II.2. Intimité

Le désir de vivre dans l'intimité du «chez soi», voire dans son propre refuge, constitue une caractéristique essentielle à l'expérience du foyer (Tognoli, 1987 ; Sebba & Churchman, 1986 ; Sixsmith, 1986). Constituant un territoire primaire, le foyer offre une aire favorable où l'individu et la famille, dans une ambiance d’intimité, exercent un contrôle exclusif. Ainsi, Le besoin d'intimité est associé au fait de se sentir hors du champ d'observation et d'avoir l'impression de contrôler son environnement. Ce contrôle implique, plus particulièrement, le contrôle des interactions sociales et le contrôle de l'accès (Altman, 1975 ; Korpela, 1989). Le sentiment de contrôle serait aussi lié à la satisfaction des besoins psychologiques de base (Sebba & Churchman, 1986).

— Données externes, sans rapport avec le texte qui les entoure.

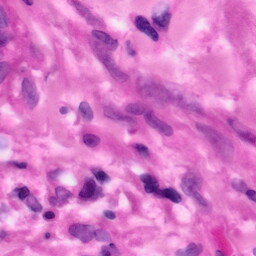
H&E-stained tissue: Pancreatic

Se transformant en espace d’intimité et favorisant des niveaux optimums d'interactions familiales et sociales, le foyer développe ainsi des sentiments de calme, de tranquillité et de détente. L'intimité et le contrôle des lieux rendent possibles les sentiments d'estime de soi, de confort et de liberté. Ainsi, le foyer, qui abrite en premier lieu des valeurs d'”intimité protégée” (Bâchelard, 1970, p. 23), devient un espace de repos, de régénération et de renouvellement de l'énergie tant physique que psychologique (Seamon, 1979).

La définition de la notion d'intimité chez des pré‑adolescents semble dépendre de plusieurs facteurs tels que le milieu, l'âge, la densité humaine et le fait d'avoir une chambre à coucher individuelle ou collective (Wolfe, 1978). En milieu suburbain, les enfants, ayant de chambres individuelles, définissent l'intimité en termes de solitude et d'autonomie. Ceux qui partagent la chambre à coucher, considèrent que l'intimité consiste en un «contrôle de l'accès à l'information»et en une absence de trouble, voire «ne pas être dérangé». L'avantage du cadre suburbain réside dans la possibilité d'accéder à l'environnement extérieur de l'habitat.

En milieu urbain, la valeur des caractéristiques intérieures de la maison dépasse celle d'avoir une chambre individuelle ou collective. La définition de l'intimité se fait rarement en termes de solitude et d'absence de dérangement. Ce fait semble lié à la densité humaine ainsi qu'au nombre réduit de pièces (Wolfe, 1978). Dans ce cadre, les enfants, ayant des chambres individuelles, définissent l'intimité par «la solitude» plus que ceux qui partagent leur chambre. L'intimité serait aussi liée aux espaces de transition dont le rôle consiste à concilier les dimensions spatiales et les dimensions affectives de l'intérieur résidentiel (Lawrence, 1984).

L'intimité s'avère être un besoin indépendamment de l'appartenance sexuelle. L'individu l'expérimente dans divers cadres : une étude récente effectuée en Turquie (Demibras & Demirkan, 2000), auprès d'étudiants résidant dans des studios universitaires à Bilkent – Ankara, montre que le besoin d'intimité est indépendant de l'appartenance sexuelle. Cependant, les femmes recherchent l'intimité dans le milieu familial tandis que les hommes préfèrent vivre l'intimité dans un cadre amical. Les variables impliquées dans la recherche de l'intimité ont été examinées sur le plan interculturel auprès d'étudiants américains, irlandais et sénégalais (Newell, 1998). Les résultats révèlent des convergences saisissantes entre les différentes cultures notamment dans la définition de l'intimité, les affects associés au désir d'intimité et les raisons sous-jacentes à la recherche de celle-ci. La variabilité semble associée aux facteurs de l'âge et du sexe auxquels s'ajoute le revenu dans le cas sénégalais. Cependant, entre les trois cultures, le décalage s'avère imperceptible. D'une part, la majorité des sujets de chaque culture identifie l'élément fondamental de l'intimité par le fait de ”ne pas être dérangé». D'autre part, il semblerait que la recherche de l'intimité est en général associée à la peine, à la fatigue et au besoin de calme et de concentration (Newell, 1998). Ainsi, l'étude met en évidence le caractère universel et thérapeutique de l'intimité.